Records from a collection
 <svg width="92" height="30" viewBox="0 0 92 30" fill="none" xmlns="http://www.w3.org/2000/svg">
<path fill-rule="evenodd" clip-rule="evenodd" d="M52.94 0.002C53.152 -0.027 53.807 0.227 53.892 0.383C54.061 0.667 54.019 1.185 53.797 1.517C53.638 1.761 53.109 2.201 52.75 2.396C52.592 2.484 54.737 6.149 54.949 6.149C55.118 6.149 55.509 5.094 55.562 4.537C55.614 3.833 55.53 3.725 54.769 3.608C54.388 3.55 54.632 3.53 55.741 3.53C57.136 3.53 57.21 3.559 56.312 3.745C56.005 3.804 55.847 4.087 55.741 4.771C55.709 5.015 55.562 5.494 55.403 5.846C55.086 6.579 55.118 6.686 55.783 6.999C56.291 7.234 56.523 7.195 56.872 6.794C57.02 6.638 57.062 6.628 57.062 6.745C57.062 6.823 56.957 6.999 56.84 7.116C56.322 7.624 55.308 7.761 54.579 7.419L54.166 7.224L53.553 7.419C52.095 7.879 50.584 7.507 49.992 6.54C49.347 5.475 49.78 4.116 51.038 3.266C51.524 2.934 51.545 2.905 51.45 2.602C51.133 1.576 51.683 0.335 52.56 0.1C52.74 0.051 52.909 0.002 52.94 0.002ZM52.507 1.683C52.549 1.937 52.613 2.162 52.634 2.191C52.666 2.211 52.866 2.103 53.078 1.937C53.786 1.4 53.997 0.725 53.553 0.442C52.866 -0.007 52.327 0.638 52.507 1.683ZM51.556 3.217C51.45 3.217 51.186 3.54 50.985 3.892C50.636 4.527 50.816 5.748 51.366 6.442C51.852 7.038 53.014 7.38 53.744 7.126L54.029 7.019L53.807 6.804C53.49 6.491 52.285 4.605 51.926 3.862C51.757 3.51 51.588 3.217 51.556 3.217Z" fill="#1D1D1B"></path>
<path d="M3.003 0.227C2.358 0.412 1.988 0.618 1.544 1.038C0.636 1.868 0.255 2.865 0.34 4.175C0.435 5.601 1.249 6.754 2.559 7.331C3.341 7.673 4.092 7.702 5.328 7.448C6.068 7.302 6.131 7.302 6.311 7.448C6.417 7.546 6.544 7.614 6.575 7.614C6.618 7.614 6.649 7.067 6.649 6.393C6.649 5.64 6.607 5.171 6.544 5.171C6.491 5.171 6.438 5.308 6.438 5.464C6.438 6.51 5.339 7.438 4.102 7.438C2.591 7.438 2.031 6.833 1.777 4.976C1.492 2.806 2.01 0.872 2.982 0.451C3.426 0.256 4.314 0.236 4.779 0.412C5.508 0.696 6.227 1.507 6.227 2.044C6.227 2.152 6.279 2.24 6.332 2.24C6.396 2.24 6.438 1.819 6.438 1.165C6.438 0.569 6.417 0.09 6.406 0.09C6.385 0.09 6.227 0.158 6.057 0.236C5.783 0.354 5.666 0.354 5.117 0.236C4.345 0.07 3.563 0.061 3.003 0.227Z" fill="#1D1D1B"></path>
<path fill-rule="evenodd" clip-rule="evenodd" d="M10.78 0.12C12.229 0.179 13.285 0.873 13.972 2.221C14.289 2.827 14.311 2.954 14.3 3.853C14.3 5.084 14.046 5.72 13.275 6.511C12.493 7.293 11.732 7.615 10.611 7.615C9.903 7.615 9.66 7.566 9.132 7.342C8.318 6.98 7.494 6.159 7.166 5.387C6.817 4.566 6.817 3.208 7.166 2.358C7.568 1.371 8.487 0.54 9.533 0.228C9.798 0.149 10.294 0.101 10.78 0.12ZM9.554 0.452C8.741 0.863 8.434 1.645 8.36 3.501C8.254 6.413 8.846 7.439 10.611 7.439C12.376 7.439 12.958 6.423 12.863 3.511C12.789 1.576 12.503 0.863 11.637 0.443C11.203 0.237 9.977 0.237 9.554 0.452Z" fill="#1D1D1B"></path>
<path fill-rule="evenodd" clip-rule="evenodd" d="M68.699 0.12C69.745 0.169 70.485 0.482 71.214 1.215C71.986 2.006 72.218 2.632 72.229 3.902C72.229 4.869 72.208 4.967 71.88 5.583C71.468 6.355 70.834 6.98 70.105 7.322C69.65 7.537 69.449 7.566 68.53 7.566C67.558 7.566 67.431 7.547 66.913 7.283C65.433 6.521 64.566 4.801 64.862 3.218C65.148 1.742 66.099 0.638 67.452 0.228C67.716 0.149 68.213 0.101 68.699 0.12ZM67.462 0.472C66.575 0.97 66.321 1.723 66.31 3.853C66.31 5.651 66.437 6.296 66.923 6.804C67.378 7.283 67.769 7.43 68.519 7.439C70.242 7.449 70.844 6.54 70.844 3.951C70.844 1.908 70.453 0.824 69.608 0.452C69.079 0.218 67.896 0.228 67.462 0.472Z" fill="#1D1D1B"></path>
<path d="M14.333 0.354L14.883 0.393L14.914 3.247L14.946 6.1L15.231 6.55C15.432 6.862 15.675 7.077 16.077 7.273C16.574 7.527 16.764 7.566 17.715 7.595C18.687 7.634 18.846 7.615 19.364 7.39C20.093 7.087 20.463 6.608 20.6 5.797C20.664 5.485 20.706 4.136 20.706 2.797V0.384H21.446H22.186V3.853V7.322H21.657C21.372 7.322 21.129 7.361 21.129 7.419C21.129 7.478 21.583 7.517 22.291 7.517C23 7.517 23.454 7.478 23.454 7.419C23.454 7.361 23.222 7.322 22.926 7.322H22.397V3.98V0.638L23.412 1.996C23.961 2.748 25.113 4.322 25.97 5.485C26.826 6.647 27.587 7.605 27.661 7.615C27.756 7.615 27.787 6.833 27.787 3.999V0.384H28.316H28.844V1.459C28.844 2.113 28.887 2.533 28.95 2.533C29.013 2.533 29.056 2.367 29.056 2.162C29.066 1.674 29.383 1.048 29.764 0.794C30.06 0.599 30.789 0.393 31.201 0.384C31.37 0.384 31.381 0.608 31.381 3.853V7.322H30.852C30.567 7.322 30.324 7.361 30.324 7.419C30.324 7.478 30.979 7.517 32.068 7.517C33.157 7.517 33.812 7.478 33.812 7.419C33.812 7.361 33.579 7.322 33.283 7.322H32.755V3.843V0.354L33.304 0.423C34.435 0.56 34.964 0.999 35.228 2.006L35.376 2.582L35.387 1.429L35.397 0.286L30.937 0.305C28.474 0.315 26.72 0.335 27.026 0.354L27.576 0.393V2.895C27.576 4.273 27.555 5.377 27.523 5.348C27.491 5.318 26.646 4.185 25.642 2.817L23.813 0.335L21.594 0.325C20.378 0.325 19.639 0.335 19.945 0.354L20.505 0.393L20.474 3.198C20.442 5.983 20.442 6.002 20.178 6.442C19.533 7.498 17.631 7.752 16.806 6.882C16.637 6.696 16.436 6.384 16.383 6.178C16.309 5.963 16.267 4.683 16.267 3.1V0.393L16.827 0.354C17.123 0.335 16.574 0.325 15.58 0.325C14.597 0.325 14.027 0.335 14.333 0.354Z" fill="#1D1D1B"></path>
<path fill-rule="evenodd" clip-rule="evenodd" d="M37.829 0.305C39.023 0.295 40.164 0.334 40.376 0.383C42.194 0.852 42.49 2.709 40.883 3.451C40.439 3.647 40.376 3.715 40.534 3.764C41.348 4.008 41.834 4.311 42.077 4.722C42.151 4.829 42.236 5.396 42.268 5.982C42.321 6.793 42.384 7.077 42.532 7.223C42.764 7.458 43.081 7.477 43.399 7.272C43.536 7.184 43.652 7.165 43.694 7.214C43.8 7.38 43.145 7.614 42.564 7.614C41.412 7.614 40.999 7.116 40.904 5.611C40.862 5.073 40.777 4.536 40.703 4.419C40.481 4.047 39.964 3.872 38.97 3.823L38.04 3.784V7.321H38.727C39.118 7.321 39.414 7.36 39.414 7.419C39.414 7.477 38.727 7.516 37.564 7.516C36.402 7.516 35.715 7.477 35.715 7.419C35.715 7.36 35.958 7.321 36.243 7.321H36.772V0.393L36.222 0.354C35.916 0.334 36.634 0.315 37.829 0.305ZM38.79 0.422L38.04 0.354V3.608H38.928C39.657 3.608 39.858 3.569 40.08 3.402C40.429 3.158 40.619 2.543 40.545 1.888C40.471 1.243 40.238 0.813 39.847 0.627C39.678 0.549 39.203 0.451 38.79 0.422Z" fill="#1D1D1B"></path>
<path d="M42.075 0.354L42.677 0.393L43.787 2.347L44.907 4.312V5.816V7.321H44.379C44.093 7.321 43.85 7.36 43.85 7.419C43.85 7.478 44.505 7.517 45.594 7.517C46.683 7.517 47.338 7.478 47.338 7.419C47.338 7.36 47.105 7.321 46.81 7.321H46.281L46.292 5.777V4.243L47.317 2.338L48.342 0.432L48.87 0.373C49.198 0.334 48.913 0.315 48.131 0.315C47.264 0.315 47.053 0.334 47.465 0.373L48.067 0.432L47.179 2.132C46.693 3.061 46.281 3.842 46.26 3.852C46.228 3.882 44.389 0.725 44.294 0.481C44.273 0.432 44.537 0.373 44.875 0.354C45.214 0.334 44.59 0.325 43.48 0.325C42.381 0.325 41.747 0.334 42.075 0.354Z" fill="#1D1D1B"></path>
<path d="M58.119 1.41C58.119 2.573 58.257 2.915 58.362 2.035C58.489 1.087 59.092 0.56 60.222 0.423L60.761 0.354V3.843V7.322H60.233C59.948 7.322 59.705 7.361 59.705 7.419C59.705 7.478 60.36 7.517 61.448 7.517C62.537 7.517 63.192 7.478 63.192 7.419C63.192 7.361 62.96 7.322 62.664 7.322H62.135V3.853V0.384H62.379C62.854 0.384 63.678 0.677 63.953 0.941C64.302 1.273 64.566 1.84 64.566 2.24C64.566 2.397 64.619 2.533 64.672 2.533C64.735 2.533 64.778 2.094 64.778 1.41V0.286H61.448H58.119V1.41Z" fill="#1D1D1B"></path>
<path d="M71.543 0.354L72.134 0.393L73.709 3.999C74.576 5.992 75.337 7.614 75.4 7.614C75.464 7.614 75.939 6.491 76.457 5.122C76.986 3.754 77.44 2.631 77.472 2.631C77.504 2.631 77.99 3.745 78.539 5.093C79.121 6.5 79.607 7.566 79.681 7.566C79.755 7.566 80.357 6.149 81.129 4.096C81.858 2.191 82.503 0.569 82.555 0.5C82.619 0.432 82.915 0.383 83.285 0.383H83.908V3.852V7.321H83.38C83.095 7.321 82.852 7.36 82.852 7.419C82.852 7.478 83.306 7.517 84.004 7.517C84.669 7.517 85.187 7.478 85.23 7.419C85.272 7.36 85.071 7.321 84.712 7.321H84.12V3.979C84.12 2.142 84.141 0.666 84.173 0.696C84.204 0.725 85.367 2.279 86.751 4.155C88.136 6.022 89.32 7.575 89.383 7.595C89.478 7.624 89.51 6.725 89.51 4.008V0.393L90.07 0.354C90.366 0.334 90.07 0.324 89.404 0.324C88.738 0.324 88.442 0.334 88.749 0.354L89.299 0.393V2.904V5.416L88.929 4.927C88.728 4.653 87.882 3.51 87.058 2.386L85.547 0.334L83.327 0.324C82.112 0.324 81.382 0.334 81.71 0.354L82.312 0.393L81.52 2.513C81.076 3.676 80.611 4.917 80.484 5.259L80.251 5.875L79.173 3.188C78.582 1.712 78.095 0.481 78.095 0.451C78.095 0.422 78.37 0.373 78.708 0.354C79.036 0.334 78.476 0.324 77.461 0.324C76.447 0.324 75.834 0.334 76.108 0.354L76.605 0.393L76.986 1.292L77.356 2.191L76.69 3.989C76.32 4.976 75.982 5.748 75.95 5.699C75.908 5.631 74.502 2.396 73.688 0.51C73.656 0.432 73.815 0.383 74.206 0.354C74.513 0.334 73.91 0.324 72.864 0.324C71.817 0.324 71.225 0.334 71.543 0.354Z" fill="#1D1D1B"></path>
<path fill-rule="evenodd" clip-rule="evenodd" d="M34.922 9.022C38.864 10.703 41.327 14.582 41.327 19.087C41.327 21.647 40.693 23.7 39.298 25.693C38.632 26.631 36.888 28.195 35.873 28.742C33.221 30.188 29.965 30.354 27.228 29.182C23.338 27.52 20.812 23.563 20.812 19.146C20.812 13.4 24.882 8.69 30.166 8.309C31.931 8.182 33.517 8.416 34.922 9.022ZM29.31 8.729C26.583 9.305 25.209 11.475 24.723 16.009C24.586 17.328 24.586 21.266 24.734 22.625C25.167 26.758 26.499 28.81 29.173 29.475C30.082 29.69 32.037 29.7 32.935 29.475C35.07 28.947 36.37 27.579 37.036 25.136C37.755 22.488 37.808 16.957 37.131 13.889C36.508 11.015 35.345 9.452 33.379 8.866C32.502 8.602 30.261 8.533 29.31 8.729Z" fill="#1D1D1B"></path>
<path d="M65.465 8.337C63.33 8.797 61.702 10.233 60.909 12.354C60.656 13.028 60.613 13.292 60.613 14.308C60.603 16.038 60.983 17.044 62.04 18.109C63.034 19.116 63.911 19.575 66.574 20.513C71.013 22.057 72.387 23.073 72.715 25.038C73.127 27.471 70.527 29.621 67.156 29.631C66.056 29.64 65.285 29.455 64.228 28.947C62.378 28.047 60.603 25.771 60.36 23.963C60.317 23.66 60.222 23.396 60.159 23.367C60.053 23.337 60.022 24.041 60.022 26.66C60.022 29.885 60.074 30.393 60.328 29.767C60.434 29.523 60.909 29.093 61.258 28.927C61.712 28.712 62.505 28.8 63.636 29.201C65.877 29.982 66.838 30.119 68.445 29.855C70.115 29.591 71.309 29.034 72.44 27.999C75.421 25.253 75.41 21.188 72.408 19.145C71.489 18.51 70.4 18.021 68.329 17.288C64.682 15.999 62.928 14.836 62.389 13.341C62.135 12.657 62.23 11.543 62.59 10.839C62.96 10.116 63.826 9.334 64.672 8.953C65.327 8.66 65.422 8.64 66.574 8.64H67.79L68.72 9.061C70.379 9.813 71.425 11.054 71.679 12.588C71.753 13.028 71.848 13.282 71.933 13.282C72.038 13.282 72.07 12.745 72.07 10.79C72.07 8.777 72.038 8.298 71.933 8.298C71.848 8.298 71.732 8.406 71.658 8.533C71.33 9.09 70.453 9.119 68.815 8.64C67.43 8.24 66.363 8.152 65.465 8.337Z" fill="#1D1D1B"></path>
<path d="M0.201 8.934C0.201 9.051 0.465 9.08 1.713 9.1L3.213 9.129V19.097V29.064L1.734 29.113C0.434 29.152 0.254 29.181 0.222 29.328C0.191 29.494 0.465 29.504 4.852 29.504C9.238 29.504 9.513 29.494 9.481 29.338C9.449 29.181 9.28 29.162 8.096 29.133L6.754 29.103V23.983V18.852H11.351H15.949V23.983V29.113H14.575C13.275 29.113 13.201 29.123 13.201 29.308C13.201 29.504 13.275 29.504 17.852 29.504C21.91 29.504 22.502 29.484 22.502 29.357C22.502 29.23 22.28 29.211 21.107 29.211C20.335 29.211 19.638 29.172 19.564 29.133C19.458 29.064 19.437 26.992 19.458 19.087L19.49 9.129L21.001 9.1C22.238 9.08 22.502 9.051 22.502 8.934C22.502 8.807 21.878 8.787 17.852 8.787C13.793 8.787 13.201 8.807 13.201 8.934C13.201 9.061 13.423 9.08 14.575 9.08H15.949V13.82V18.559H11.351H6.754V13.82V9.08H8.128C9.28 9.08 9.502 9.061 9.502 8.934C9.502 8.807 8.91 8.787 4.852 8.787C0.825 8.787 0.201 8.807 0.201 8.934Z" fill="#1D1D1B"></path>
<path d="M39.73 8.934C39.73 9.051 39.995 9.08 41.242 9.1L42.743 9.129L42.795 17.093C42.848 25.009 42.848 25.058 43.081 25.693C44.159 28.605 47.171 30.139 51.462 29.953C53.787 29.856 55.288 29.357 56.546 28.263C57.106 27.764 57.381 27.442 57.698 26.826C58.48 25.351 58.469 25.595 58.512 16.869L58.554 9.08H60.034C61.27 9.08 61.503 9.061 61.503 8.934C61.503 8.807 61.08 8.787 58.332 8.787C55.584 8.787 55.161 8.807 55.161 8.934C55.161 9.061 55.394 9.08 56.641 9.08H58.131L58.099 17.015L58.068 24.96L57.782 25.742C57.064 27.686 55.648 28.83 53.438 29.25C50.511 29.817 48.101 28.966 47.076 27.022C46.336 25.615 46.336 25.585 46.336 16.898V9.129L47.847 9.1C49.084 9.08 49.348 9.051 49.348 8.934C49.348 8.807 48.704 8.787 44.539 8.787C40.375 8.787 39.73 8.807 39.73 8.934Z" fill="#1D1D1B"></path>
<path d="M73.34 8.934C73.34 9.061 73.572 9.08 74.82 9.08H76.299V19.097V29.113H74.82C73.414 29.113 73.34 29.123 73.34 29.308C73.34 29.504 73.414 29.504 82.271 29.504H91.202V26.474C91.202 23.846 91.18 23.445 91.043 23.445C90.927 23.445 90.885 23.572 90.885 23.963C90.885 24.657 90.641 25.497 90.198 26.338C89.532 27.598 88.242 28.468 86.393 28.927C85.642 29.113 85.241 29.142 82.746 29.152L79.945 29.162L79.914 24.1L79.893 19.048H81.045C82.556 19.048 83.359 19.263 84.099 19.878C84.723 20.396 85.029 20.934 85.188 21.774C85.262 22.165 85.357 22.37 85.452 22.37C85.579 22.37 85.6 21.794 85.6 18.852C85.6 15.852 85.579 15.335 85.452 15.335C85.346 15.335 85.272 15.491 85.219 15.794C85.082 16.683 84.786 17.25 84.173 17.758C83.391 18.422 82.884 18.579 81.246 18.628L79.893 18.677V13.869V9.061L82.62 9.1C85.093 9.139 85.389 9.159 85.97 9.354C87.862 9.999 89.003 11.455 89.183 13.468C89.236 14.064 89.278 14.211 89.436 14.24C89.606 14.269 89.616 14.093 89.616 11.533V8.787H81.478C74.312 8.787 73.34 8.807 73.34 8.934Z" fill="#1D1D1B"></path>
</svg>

YOUR TASK
An exact, complete copy of the lines above from the one with "1.41C58.119 2.573 58.257" through the one with "0.354L72.134 0.393L73.709 3.999C74.576" is the whole answer.

PROBLEM SOLUTION
<path d="M58.119 1.41C58.119 2.573 58.257 2.915 58.362 2.035C58.489 1.087 59.092 0.56 60.222 0.423L60.761 0.354V3.843V7.322H60.233C59.948 7.322 59.705 7.361 59.705 7.419C59.705 7.478 60.36 7.517 61.448 7.517C62.537 7.517 63.192 7.478 63.192 7.419C63.192 7.361 62.96 7.322 62.664 7.322H62.135V3.853V0.384H62.379C62.854 0.384 63.678 0.677 63.953 0.941C64.302 1.273 64.566 1.84 64.566 2.24C64.566 2.397 64.619 2.533 64.672 2.533C64.735 2.533 64.778 2.094 64.778 1.41V0.286H61.448H58.119V1.41Z" fill="#1D1D1B"></path>
<path d="M71.543 0.354L72.134 0.393L73.709 3.999C74.576 5.992 75.337 7.614 75.4 7.614C75.464 7.614 75.939 6.491 76.457 5.122C76.986 3.754 77.44 2.631 77.472 2.631C77.504 2.631 77.99 3.745 78.539 5.093C79.121 6.5 79.607 7.566 79.681 7.566C79.755 7.566 80.357 6.149 81.129 4.096C81.858 2.191 82.503 0.569 82.555 0.5C82.619 0.432 82.915 0.383 83.285 0.383H83.908V3.852V7.321H83.38C83.095 7.321 82.852 7.36 82.852 7.419C82.852 7.478 83.306 7.517 84.004 7.517C84.669 7.517 85.187 7.478 85.23 7.419C85.272 7.36 85.071 7.321 84.712 7.321H84.12V3.979C84.12 2.142 84.141 0.666 84.173 0.696C84.204 0.725 85.367 2.279 86.751 4.155C88.136 6.022 89.32 7.575 89.383 7.595C89.478 7.624 89.51 6.725 89.51 4.008V0.393L90.07 0.354C90.366 0.334 90.07 0.324 89.404 0.324C88.738 0.324 88.442 0.334 88.749 0.354L89.299 0.393V2.904V5.416L88.929 4.927C88.728 4.653 87.882 3.51 87.058 2.386L85.547 0.334L83.327 0.324C82.112 0.324 81.382 0.334 81.71 0.354L82.312 0.393L81.52 2.513C81.076 3.676 80.611 4.917 80.484 5.259L80.251 5.875L79.173 3.188C78.582 1.712 78.095 0.481 78.095 0.451C78.095 0.422 78.37 0.373 78.708 0.354C79.036 0.334 78.476 0.324 77.461 0.324C76.447 0.324 75.834 0.334 76.108 0.354L76.605 0.393L76.986 1.292L77.356 2.191L76.69 3.989C76.32 4.976 75.982 5.748 75.95 5.699C75.908 5.631 74.502 2.396 73.688 0.51C73.656 0.432 73.815 0.383 74.206 0.354C74.513 0.334 73.91 0.324 72.864 0.324C71.817 0.324 71.225 0.334 71.543 0.354Z" fill="#1D1D1B"></path>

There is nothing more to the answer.